1. Sind die Voraussetzungen für ein Regelfahrverbot nach der BKatV nicht gegeben, bedarf es näherer Feststellungen, ob die Anordnung eines Fahrverbotes dem Grundsatz der Verhältnismäßigkeit entspricht. Nur wenn die Beharrlichkeit der Pflichtverletzung von ähnlich starkem Gewicht wie in der ausdrücklich normierten Konstellation des § 4 Abs. 2 Satz 2 BKatV ist, kommt die Anordnung eines Fahrverbotes wegen der Vorahndungslage in Betracht. Denn nur dann wird es geboten sein, mit der Denkzettel- und Besinnungsmaßnahme auf den Betroffenen gemäß § 25 Abs. 1 Satz 1 2. Alt. StVG i.V.m. § 4 Abs. 2 Satz 1 BKatV einzuwirken.

2. Daher bedarf es in den Urteilsgründen nähere Darlegung zum Zeitmoment (vgl. § 4 Abs. 2 Satz 2 BKatV), zur Anzahl, zur Tatschwere und zu den Rechtsfolgen früherer und noch verwertbarer Verkehrsverstöße und deren Vergleichbarkeit mit der verfahrensgegenständlichen Zuwiderhandlung.

Im KG, Beschl. v. 11.09.2424 – 3 ORbs 165/24 – 122 SsBs 25/24 – hat das KG sich dann zum sog. dysfunktionalem Absehen vom Fahrverbot geäußert. Die Entscheidung beweist mal wieder, dass das Absehen vom Fahrverbot dem Amtsrichter nicht leicht gemacht wird. Das KG hat seinem Beschluss folgende Leitsätze gegeben:

1. Möchte der Tatrichter vom Regelfahrverbot absehen, so muss sich aus den Urteilsgründen ergeben, dass er sich der gesetzlichen Indizwirkung der BKatV bewusst war.

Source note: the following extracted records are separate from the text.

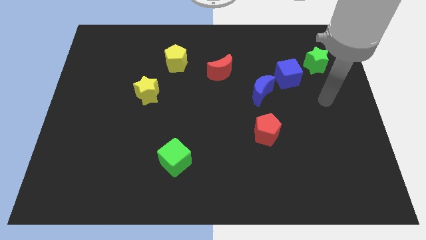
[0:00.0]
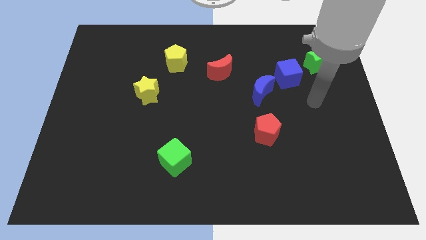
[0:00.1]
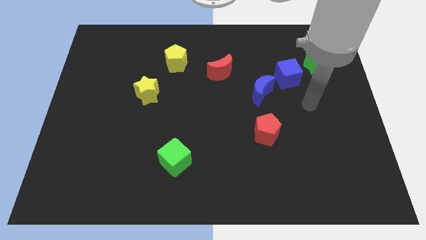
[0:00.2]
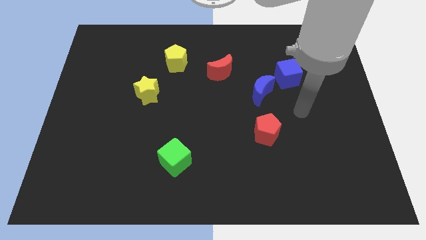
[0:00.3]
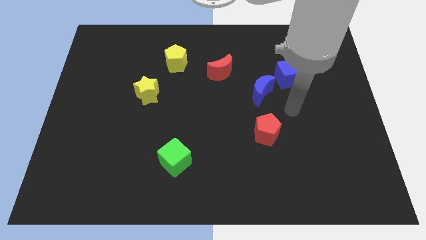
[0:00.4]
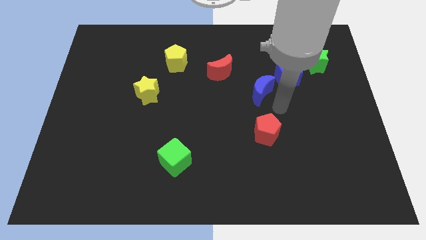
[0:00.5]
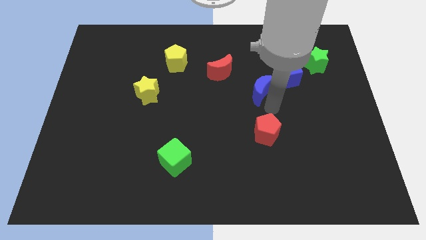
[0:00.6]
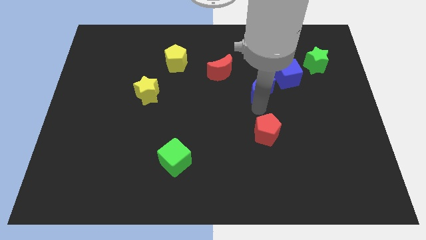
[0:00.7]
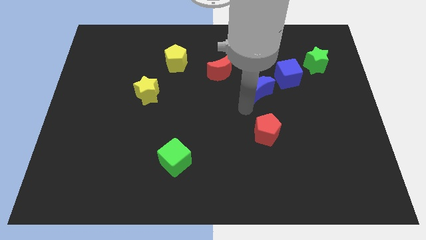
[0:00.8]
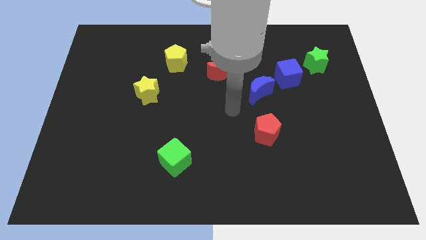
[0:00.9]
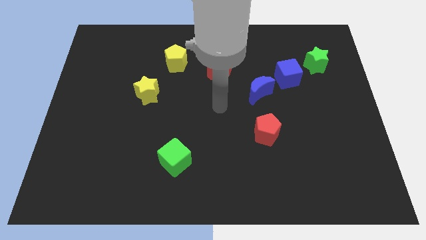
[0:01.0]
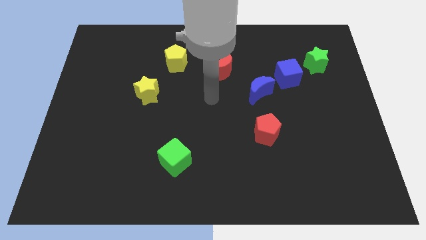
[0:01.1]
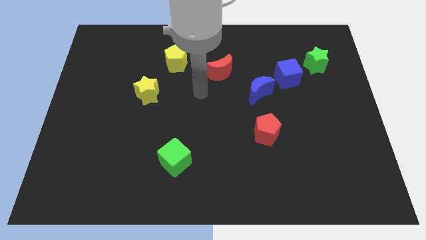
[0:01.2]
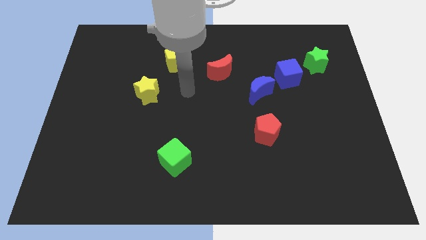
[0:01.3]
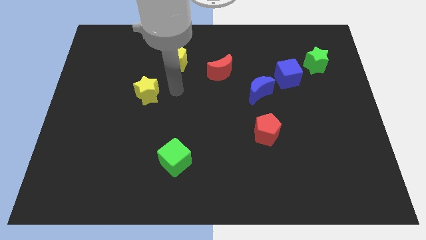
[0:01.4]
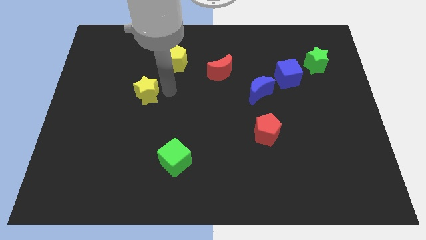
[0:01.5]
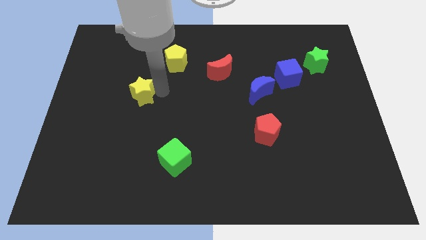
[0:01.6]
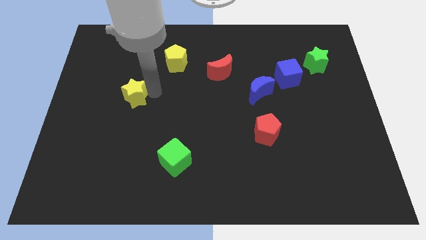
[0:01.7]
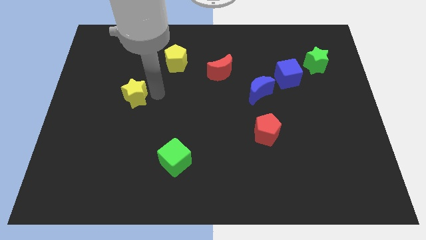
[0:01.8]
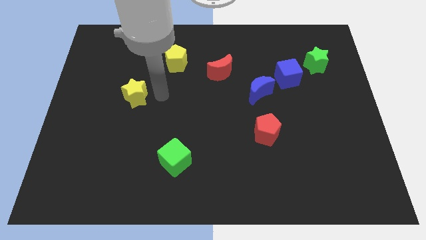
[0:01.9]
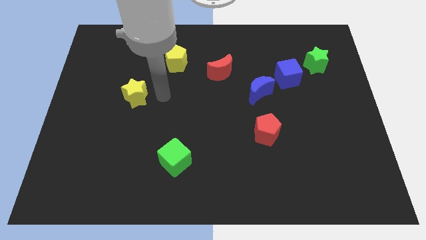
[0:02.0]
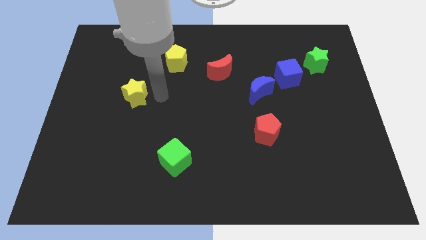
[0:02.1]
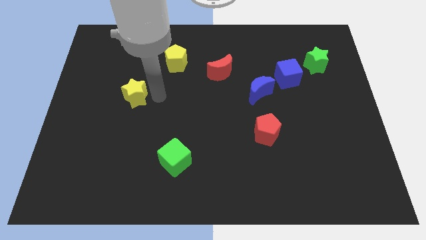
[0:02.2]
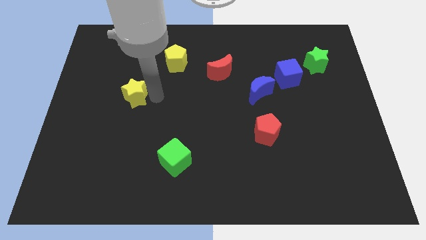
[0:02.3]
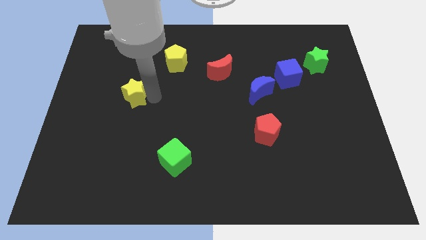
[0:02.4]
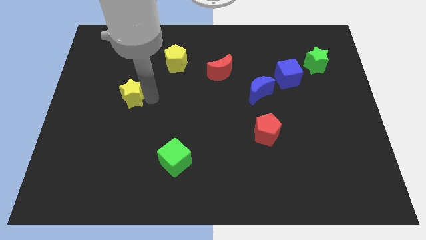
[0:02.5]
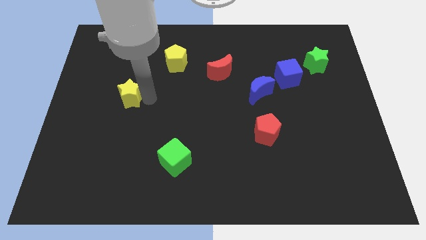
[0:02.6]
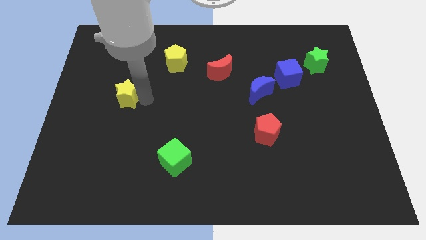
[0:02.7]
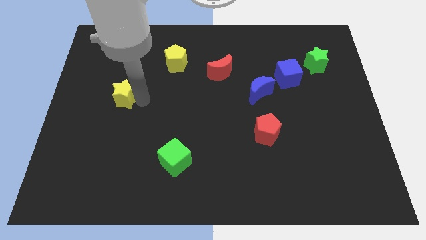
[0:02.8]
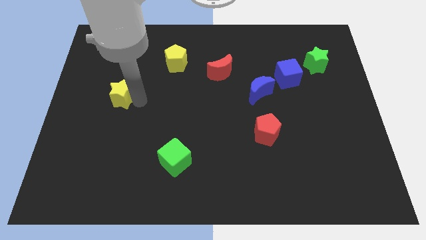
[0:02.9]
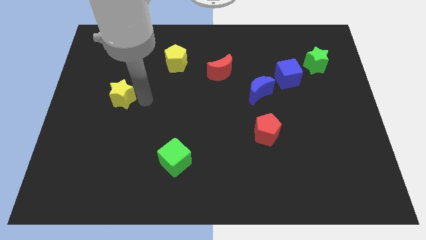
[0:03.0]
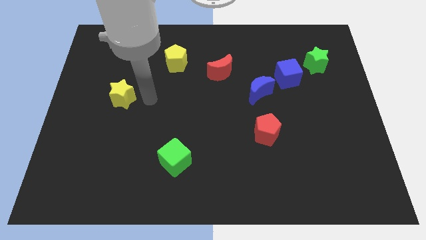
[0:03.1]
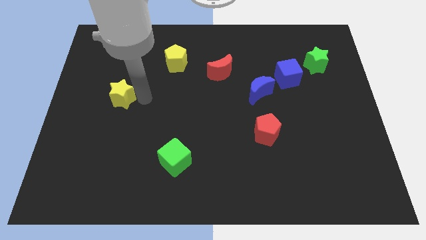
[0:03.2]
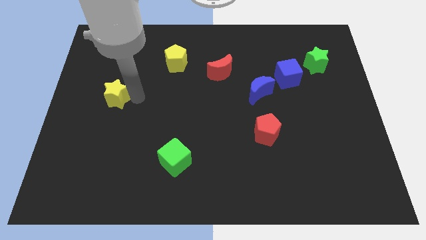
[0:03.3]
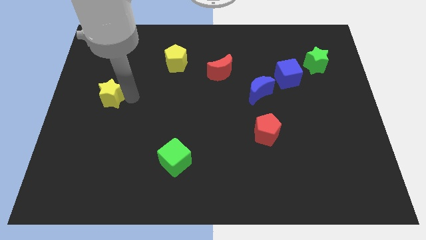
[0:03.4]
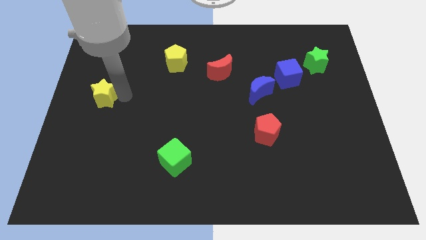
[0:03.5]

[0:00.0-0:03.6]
push the yellow star to the left side of the board

2. Zur Bewertung einer Einlassung, der Betroffene habe sein Fahrzeug aus technischen Gründen beschleunigen müssen, um dessen Liegenbleiben zu verhindern

3. Aufgrund der Regelung des § 3 Abs. 1 BKatV ist es grundsätzlich fehlerhaft, die Herabsetzung der Regelgeldbuße damit zu begründen, der Betroffene habe keine Voreintragung im Fahrerlaubnisregister.

4. Dass der Betroffene seit 26 Jahren Inhaber einer Fahrerlaubnis ist, gibt nicht ohne Weiteres Anlass, die Regelgeldbuße herabzusetzen.

5. Die tatrichterliche Bewertung, durch eine Geschwindigkeitsüberschreitung (hier: innerorts um 42 km/h) werde die Verkehrssicherheit nicht beeinträchtigt, ist nicht nachvollziehbar.

6. Möchte der Tatrichter vom Regelfahrverbot absehen, weil dieses den Betroffenen aus familiären und beruflichen Gründen besonders hart treffe, so ist diese Bewertung mit Tatsachen zu belegen. Gehen diese auf die Einlassung des Betroffenen zurück, bedarf es einer kritischen Würdigung und gegebenenfalls Überprüfung.

7. Andeutungen, die Prozessökonomie hätte Anlass gegeben, die Regelgeldbuße herabzusetzen (hier von 800 auf 55 Euro) und vom Fahrverbot abzusehen, stellen keine tragfähige Grundlage für eine entsprechende Rechtsfolgenentscheidung dar.